The records below:
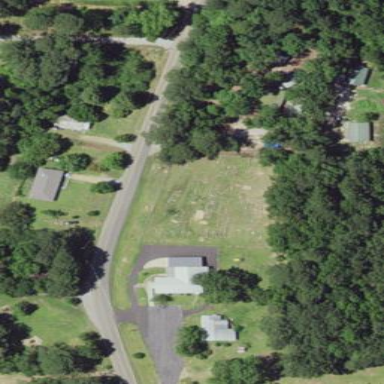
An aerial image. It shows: Graveyard used as cemetery.
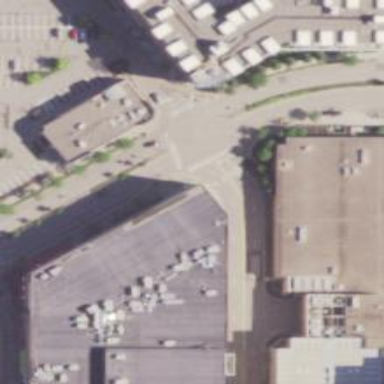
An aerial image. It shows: Retail building.
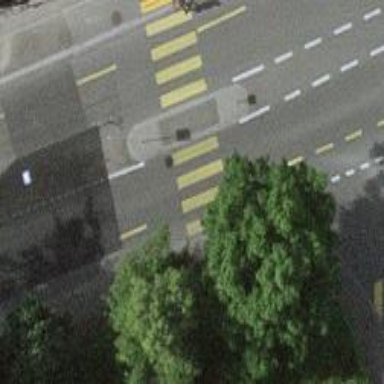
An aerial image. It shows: Kerb serving as barrier.
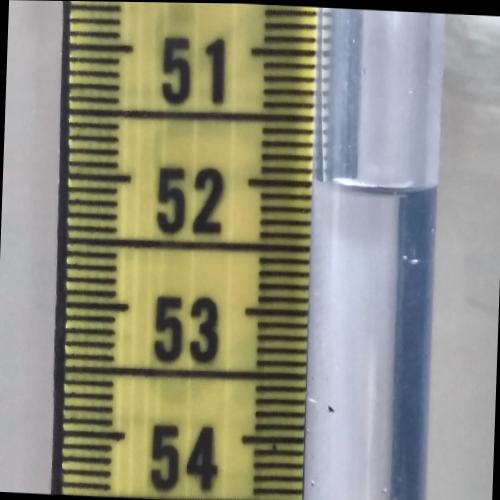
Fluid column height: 52.0 cm
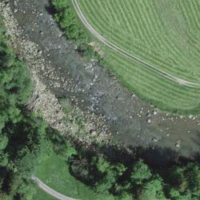
EUNIS habitat code: 15
Species observed at this site:
Angelica sylvestris
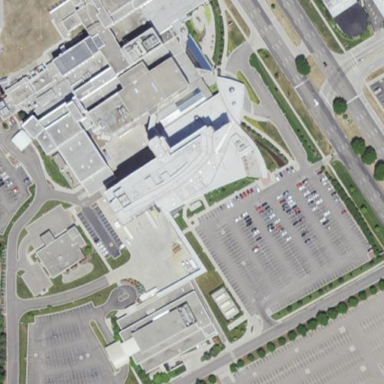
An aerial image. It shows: Hospital building.
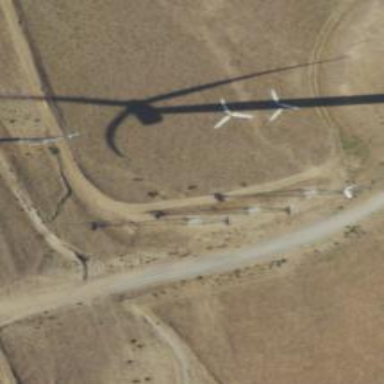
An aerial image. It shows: Wind power generator employing wind turbines.
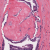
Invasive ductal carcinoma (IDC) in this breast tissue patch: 0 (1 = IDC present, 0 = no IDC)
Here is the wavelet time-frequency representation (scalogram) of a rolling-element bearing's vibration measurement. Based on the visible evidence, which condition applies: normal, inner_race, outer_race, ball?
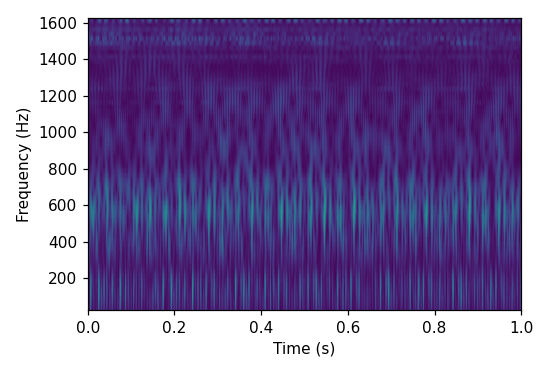
Answer: inner_race
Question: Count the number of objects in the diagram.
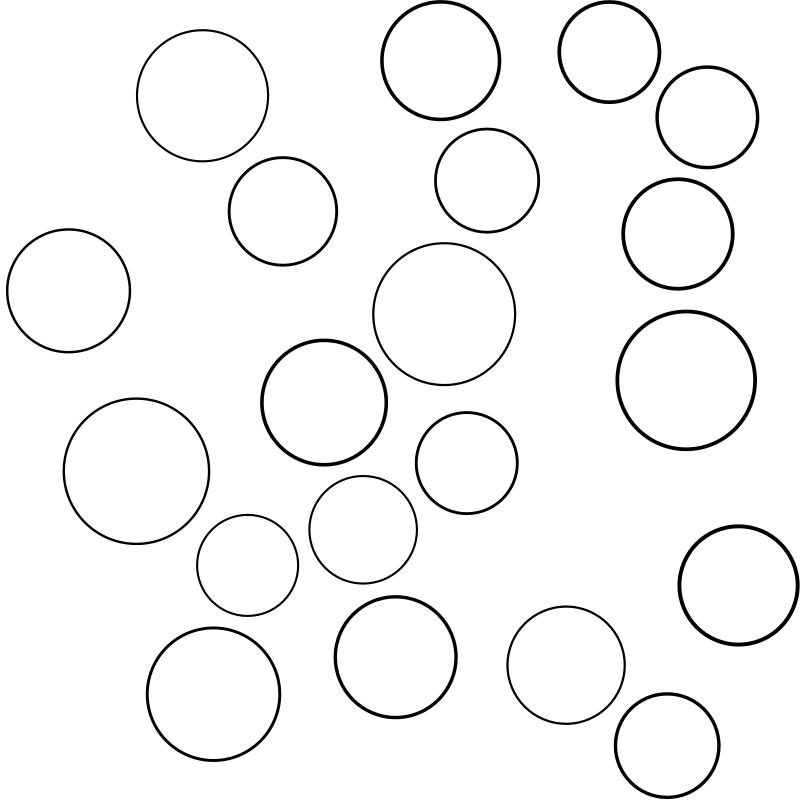
Answer: 20
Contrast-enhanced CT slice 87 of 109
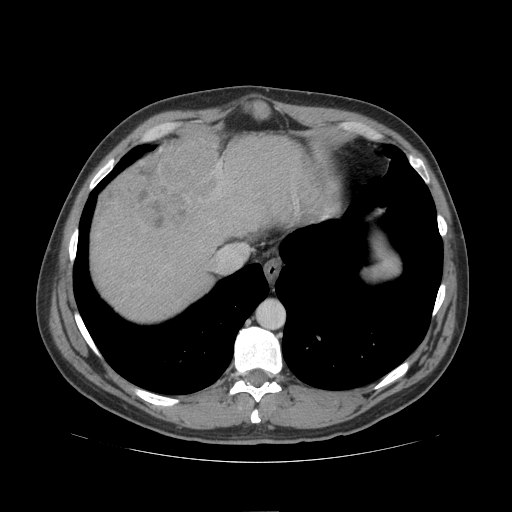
End of The records.
**Task item:**
Omit the pictures and write out the remaining data exactly.

**Exercise answer:**
An aerial image. It shows: Graveyard used as cemetery.
An aerial image. It shows: Retail building.
An aerial image. It shows: Kerb serving as barrier.
Fluid column height: 52.0 cm
EUNIS habitat code: 15
Species observed at this site:
Angelica sylvestris
An aerial image. It shows: Hospital building.
An aerial image. It shows: Wind power generator employing wind turbines.
Invasive ductal carcinoma (IDC) in this breast tissue patch: 0 (1 = IDC present, 0 = no IDC)
Here is the wavelet time-frequency representation (scalogram) of a rolling-element bearing's vibration measurement. Based on the visible evidence, which condition applies: normal, inner_race, outer_race, ball?
Answer: inner_race
Question: Count the number of objects in the diagram.
Answer: 20
Contrast-enhanced CT slice 87 of 109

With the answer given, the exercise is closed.